**INPUT DATA:**
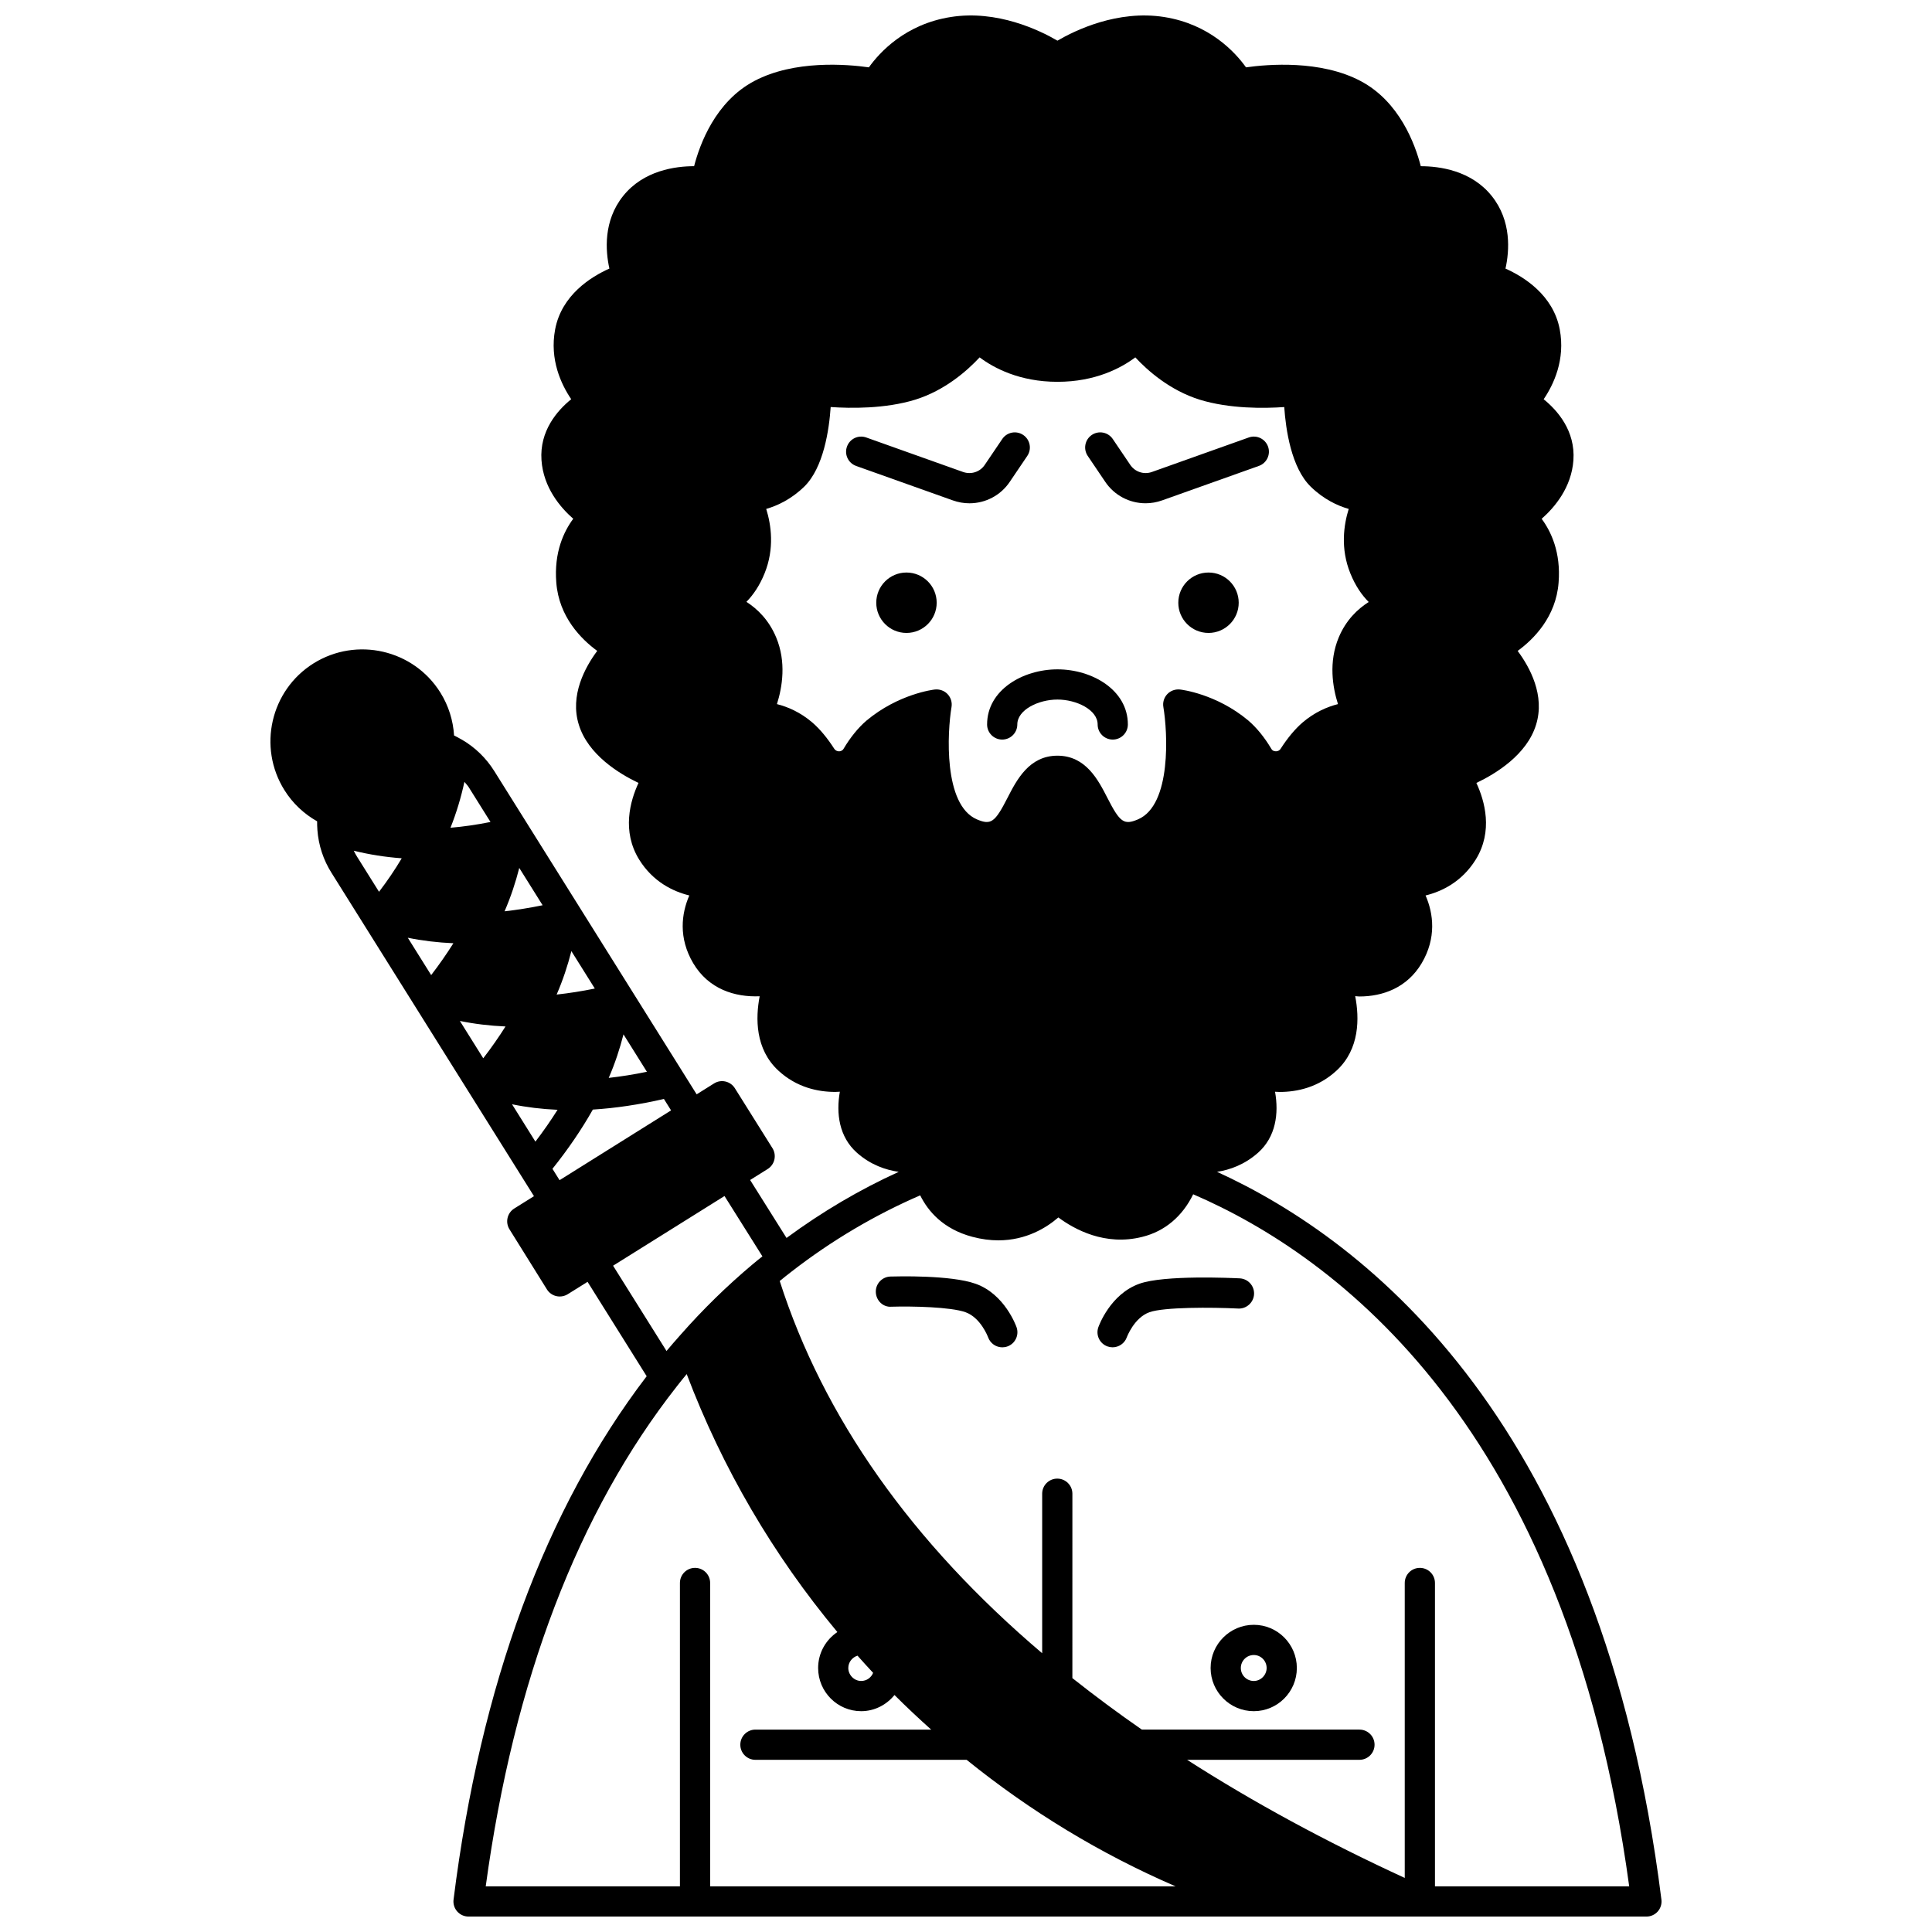 <?xml version="1.0" encoding="UTF-8"?>
<!-- Uploaded to: ICON Repo, www.iconrepo.com, Generator: ICON Repo Mixer Tools -->
<svg width="800px" height="800px" version="1.1" viewBox="144 144 512 512" xmlns="http://www.w3.org/2000/svg">
 <defs>
  <clipPath id="a">
   <path d="m215 148.09h370v503.81h-370z"/>
  </clipPath>
 </defs>
 <path d="m472.27 303.73c0 4.422-3.586 8.004-8.004 8.004-4.422 0-8.004-3.582-8.004-8.004s3.582-8.004 8.004-8.004c4.418 0 8.004 3.582 8.004 8.004"/>
 <path d="m392.23 303.73c0 4.422-3.586 8.004-8.008 8.004-4.418 0-8.004-3.582-8.004-8.004s3.586-8.004 8.004-8.004c4.422 0 8.008 3.582 8.008 8.004"/>
 <g clip-path="url(#a)">
  <path d="m466.53 454.55c3.363-0.523 7.269-1.871 10.883-5.078 4.699-4.199 5.516-10.363 4.488-16.148 0.402 0.02 0.785 0.055 1.207 0.055 4.59 0 10.262-1.176 15.125-5.691 6.137-5.695 6.027-13.906 4.91-19.699 0.371 0.016 0.723 0.09 1.098 0.09 6.18 0 12.645-2.285 16.52-8.816 3.957-6.691 3.121-13.176 1.031-17.953 4.297-1.059 9.609-3.59 13.293-9.512 4.648-7.519 2.394-15.531 0.172-20.309 5.231-2.488 13.387-7.508 15.812-15.418 2.43-7.773-1.645-15.23-4.871-19.57 4.254-3.109 10.141-9 10.844-18.086 0.648-8.055-2.027-13.609-4.488-16.93 3.43-3.012 7.902-8.277 8.418-15.523 0.543-7.785-4.219-13.191-7.883-16.16 2.633-3.883 5.781-10.484 4.258-18.52-1.727-9.125-9.551-13.949-14.375-16.102 1.039-4.68 1.645-12.637-3.637-19.23-5.43-6.809-13.918-7.902-18.812-7.902-1.504-5.848-5.656-17.16-15.984-22.594-10.594-5.582-24.473-4.434-30.332-3.606-2.863-4.004-9.672-11.445-21.695-13.34-12.32-1.945-23.574 3.527-28.277 6.269-4.707-2.75-15.98-8.215-28.273-6.269-12.027 1.895-18.832 9.336-21.699 13.34-5.848-0.832-19.734-1.98-30.328 3.602-10.332 5.434-14.48 16.75-15.988 22.594h-0.004c-4.894 0-13.379 1.094-18.805 7.894-5.285 6.594-4.684 14.555-3.641 19.234-4.824 2.152-12.648 6.981-14.375 16.102-1.523 8.031 1.625 14.641 4.258 18.52-3.664 2.969-8.426 8.375-7.879 16.16 0.508 7.246 4.977 12.512 8.414 15.523-2.461 3.316-5.137 8.867-4.488 16.922 0.703 9.09 6.59 14.984 10.844 18.094-3.227 4.336-7.301 11.789-4.879 19.551 2.434 7.926 10.59 12.949 15.82 15.441-2.223 4.777-4.473 12.789 0.176 20.316 3.684 5.918 8.992 8.445 13.289 9.504-2.09 4.773-2.926 11.258 1.031 17.953 4.098 6.91 11.105 9.039 17.613 8.762-1.109 5.785-1.203 13.98 4.918 19.664 4.856 4.508 10.516 5.688 15.117 5.688 0.43 0 0.809-0.035 1.215-0.055-1.02 5.781-0.203 11.957 4.508 16.16 3.684 3.269 7.68 4.574 11.09 5.078-10.328 4.695-20.281 10.559-29.73 17.516l-9.648-15.359 4.656-2.914c0.902-0.562 1.535-1.461 1.773-2.496 0.234-1.035 0.055-2.121-0.508-3.023l-9.965-15.891c-1.176-1.867-3.637-2.445-5.516-1.266l-4.609 2.887-53.625-85.66c-2.18-3.477-5.094-6.297-8.582-8.328-0.039-0.023-0.078-0.039-0.121-0.062-0.02-0.012-0.035-0.02-0.055-0.027-0.621-0.371-1.258-0.707-1.902-1.016-0.254-3.996-1.453-7.879-3.625-11.367-7.113-11.402-22.188-14.875-33.613-7.754-11.395 7.133-14.852 22.211-7.715 33.605 2.176 3.488 5.156 6.273 8.66 8.258-0.008 0.727 0.012 1.445 0.066 2.144v0.051 0.043c0.293 4.078 1.598 8.043 3.758 11.438l53.641 85.664-5.223 3.269c-1.867 1.172-2.434 3.633-1.27 5.508l9.926 15.93c0.562 0.902 1.457 1.539 2.492 1.781 0.297 0.066 0.602 0.102 0.906 0.102 0.746 0 1.48-0.207 2.121-0.609l5.25-3.281 15.668 25.016c-26.82 35.141-44.059 81.77-51.18 138.7-0.145 1.137 0.211 2.281 0.969 3.144 0.762 0.859 1.852 1.352 3 1.352h312.16c1.148 0 2.242-0.492 3-1.352 0.758-0.863 1.113-2.008 0.969-3.144-15.797-126.16-77.699-174.56-117.76-192.86zm-116.84-141.64c-1.918-4.582-4.926-7.516-7.879-9.414 1.781-1.82 3.477-4.246 4.812-7.551 2.672-6.59 1.746-12.867 0.43-17.074 2.945-0.848 6.617-2.543 10.066-5.894 5.164-5.035 6.617-15.176 7.019-21.109 5.293 0.363 14.422 0.5 22.395-1.945 7.922-2.465 13.82-7.711 17.078-11.215 3.762 2.816 10.59 6.477 20.629 6.477 10.039 0 16.867-3.656 20.629-6.477 3.254 3.5 9.16 8.75 17.094 11.223 7.961 2.441 17.09 2.312 22.375 1.941 0.402 5.934 1.855 16.078 7.023 21.109 3.441 3.356 7.113 5.047 10.062 5.894-1.312 4.207-2.246 10.477 0.43 17.074 1.371 3.394 3.098 5.82 4.867 7.586-2.992 1.898-6.027 4.824-7.938 9.375-2.734 6.531-1.625 13.219-0.207 17.684-2.781 0.703-6.188 2.121-9.453 4.934-1.969 1.719-3.902 4.035-5.75 6.91-0.379 0.594-0.98 0.664-1.254 0.664-0.418-0.027-0.867-0.086-1.215-0.676-1.766-2.984-3.856-5.555-6.078-7.473-8.473-7.094-17.75-8.188-18.137-8.23-1.238-0.121-2.488 0.32-3.352 1.234-0.863 0.918-1.246 2.176-1.031 3.418 1.105 6.512 2.25 25.957-6.738 29.773-3.707 1.566-4.769 0.816-8.105-5.715-2.414-4.715-5.711-11.168-13.23-11.168s-10.816 6.457-13.23 11.168c-3.336 6.527-4.394 7.281-8.094 5.719-8.965-3.809-7.848-23.266-6.746-29.781 0.207-1.238-0.176-2.5-1.035-3.414-0.863-0.914-2.113-1.355-3.352-1.234-0.391 0.043-9.664 1.137-18.184 8.273-2.176 1.875-4.262 4.449-6.039 7.449-0.332 0.562-0.883 0.66-1.18 0.664-0.168 0.004-0.879-0.043-1.289-0.684-1.836-2.856-3.766-5.176-5.754-6.91-3.254-2.805-6.652-4.219-9.434-4.918 1.422-4.473 2.527-11.156-0.207-17.688zm21.559 269.86c1.355 1.531 2.738 3.051 4.137 4.551-0.512 1.273-1.727 2.152-3.176 2.152-1.844 0-3.402-1.578-3.402-3.441 0.004-1.562 1.055-2.828 2.441-3.262zm-25.199-105.82c-0.863 0.699-1.734 1.359-2.598 2.109-0.008 0.008-0.016 0.012-0.027 0.02-6.734 5.652-13.156 11.93-19.059 18.641-1.312 1.469-2.551 2.898-3.731 4.309l-14.16-22.605 29.527-18.465zm-66.355-40.309c3.832 0.793 7.856 1.281 12.062 1.469-1.77 2.809-3.723 5.621-5.867 8.43zm11.82-29.07c1.672-3.852 2.934-7.691 3.906-11.516l6.211 9.918c-3.438 0.711-6.812 1.234-10.117 1.598zm-13.801-22.062c1.668-3.848 2.93-7.68 3.898-11.496l6.188 9.887c-3.453 0.707-6.82 1.242-10.086 1.609zm-13.562 8.461c-1.793 2.852-3.754 5.672-5.887 8.438l-6.195-9.895c3.844 0.789 7.871 1.273 12.082 1.457zm13.812 22.055c-1.762 2.793-3.723 5.606-5.898 8.43l-6.191-9.891c3.848 0.789 7.879 1.277 12.09 1.461zm31.266 2.094 6.207 9.914c-3.465 0.715-6.844 1.254-10.121 1.621 1.68-3.871 2.941-7.715 3.914-11.535zm-35.242-56.285c-3.621 0.727-7.16 1.238-10.605 1.527 1.594-3.996 2.805-8.059 3.691-12.16 0.371 0.477 0.812 0.887 1.137 1.406zm-36.234 7.617c4.113 1.016 8.355 1.688 12.707 2.004-1.762 2.969-3.758 5.922-6.016 8.879l-5.805-9.273c-0.328-0.516-0.617-1.059-0.887-1.609zm52.652 84.297c4.156-5.191 7.742-10.457 10.703-15.699 5.981-0.371 12.289-1.312 18.836-2.812l1.895 3.027-29.551 18.496zm32.984 57.617c0.824-1.066 1.703-2.141 2.59-3.219 9.457 24.922 22.855 47.859 39.93 68.367-3.07 2.055-5.098 5.555-5.098 9.523 0 6.312 5.113 11.445 11.406 11.445 3.562 0 6.723-1.691 8.828-4.285 3.125 3.121 6.375 6.176 9.723 9.168h-46.574c-2.215 0-4.004 1.789-4.004 4.004 0 2.215 1.789 4.004 4.004 4.004h55.973c16.957 13.695 35.5 24.941 55.387 33.535l-123.36-0.004v-80.398c0-2.215-1.789-4.004-4.004-4.004s-4.004 1.789-4.004 4.004v80.398h-51.465c7.434-54.625 24.465-99.195 50.672-132.54zm200.89 132.54v-80.398c0-2.215-1.789-4.004-4.004-4.004s-4.004 1.789-4.004 4.004v78.164c-20.895-9.613-40.223-20.098-57.676-31.301h45.672c2.215 0 4.004-1.789 4.004-4.004s-1.789-4.004-4.004-4.004h-57.668c-6.191-4.285-12.367-8.863-18.41-13.645l0.004-48.863c0-2.215-1.789-4.004-4.004-4.004-2.215 0-4.004 1.789-4.004 4.004v42.273c-34.652-29.438-58.008-62.586-69.551-98.648 1.043-0.855 2.086-1.688 3.129-2.488 10.715-8.316 22.184-15.047 34.098-20.211 2.066 4.172 6.043 8.914 13.801 10.984 2.469 0.66 4.769 0.941 6.91 0.941 7.441 0 12.836-3.414 15.902-6.07 4.242 3.156 12.387 7.644 22.246 5.148 5.984-1.477 10.645-5.457 13.484-11.285 37.762 16.27 98.918 61.211 115.55 183.41l-51.473-0.004z"/>
 </g>
 <path d="m370.88 267.48 25.598 9.117c1.461 0.527 2.957 0.781 4.438 0.781 4.234 0 8.289-2.078 10.719-5.742l4.602-6.805c1.242-1.832 0.758-4.316-1.074-5.559-1.832-1.238-4.316-0.758-5.559 1.074l-4.625 6.836c-1.254 1.895-3.633 2.66-5.801 1.883l-25.613-9.125c-2.098-0.75-4.375 0.34-5.113 2.426-0.742 2.086 0.348 4.375 2.43 5.113z"/>
 <path d="m436.84 271.6c2.445 3.695 6.516 5.773 10.75 5.773 1.469 0 2.961-0.254 4.418-0.777l25.613-9.125c2.082-0.742 3.164-3.031 2.426-5.109-0.75-2.086-3.031-3.172-5.113-2.426l-25.629 9.129c-2.16 0.781-4.539 0-5.809-1.922l-4.602-6.805c-1.242-1.828-3.723-2.305-5.559-1.074-1.828 1.242-2.309 3.727-1.074 5.559z"/>
 <path d="m405.59 335.99c0 2.211 1.789 4.004 4.004 4.004s4.004-1.793 4.004-4.004c0-3.891 5.609-6.602 10.645-6.602 5.035 0 10.645 2.715 10.645 6.602 0 2.211 1.789 4.004 4.004 4.004s4.004-1.793 4.004-4.004c0-9.145-9.48-14.605-18.648-14.605-9.176-0.004-18.656 5.461-18.656 14.605z"/>
 <path d="m476.27 574.59c-6.312 0-11.445 5.133-11.445 11.445s5.133 11.445 11.445 11.445c6.289 0 11.406-5.133 11.406-11.445s-5.113-11.445-11.406-11.445zm0 14.887c-1.902 0-3.441-1.543-3.441-3.441s1.543-3.441 3.441-3.441c1.875 0 3.402 1.543 3.402 3.441 0 1.867-1.559 3.441-3.402 3.441z"/>
 <path d="m402.54 484.21c-6.57-2.348-20.953-1.965-22.57-1.914-2.211 0.07-3.941 1.918-3.871 4.125 0.07 2.211 1.898 4.051 4.125 3.871 5.531-0.164 15.738 0.062 19.629 1.453 4.047 1.434 5.965 6.543 6.004 6.652 0.586 1.637 2.125 2.66 3.769 2.66 0.438 0 0.887-0.07 1.324-0.227 2.086-0.73 3.18-3.012 2.449-5.098-0.121-0.352-3.156-8.801-10.859-11.523z"/>
 <path d="m476.34 486.98c0.109-2.211-1.586-4.086-3.793-4.203-2.031-0.098-20-0.934-26.59 1.426-7.723 2.731-10.758 11.172-10.887 11.531-0.73 2.082 0.359 4.344 2.434 5.086 0.441 0.156 0.895 0.23 1.336 0.23 1.641 0 3.18-1.02 3.773-2.644 0.016-0.051 1.93-5.215 6.019-6.66 3.852-1.371 16.461-1.32 23.5-0.969 2.16 0.125 4.094-1.586 4.207-3.797z"/>
</svg>

**ABOUT THIS EXERCISE:** Using the records above, write out exactly the lines between the one holding "574.59c-6.312 0-11.445 5.133-11.445" and the one holding "0.07-3.941 1.918-3.871 4.125", inclusive; leave everything else out.

**ANSWER:**
 <path d="m476.27 574.59c-6.312 0-11.445 5.133-11.445 11.445s5.133 11.445 11.445 11.445c6.289 0 11.406-5.133 11.406-11.445s-5.113-11.445-11.406-11.445zm0 14.887c-1.902 0-3.441-1.543-3.441-3.441s1.543-3.441 3.441-3.441c1.875 0 3.402 1.543 3.402 3.441 0 1.867-1.559 3.441-3.402 3.441z"/>
 <path d="m402.54 484.21c-6.57-2.348-20.953-1.965-22.57-1.914-2.211 0.07-3.941 1.918-3.871 4.125 0.07 2.211 1.898 4.051 4.125 3.871 5.531-0.164 15.738 0.062 19.629 1.453 4.047 1.434 5.965 6.543 6.004 6.652 0.586 1.637 2.125 2.66 3.769 2.66 0.438 0 0.887-0.07 1.324-0.227 2.086-0.73 3.18-3.012 2.449-5.098-0.121-0.352-3.156-8.801-10.859-11.523z"/>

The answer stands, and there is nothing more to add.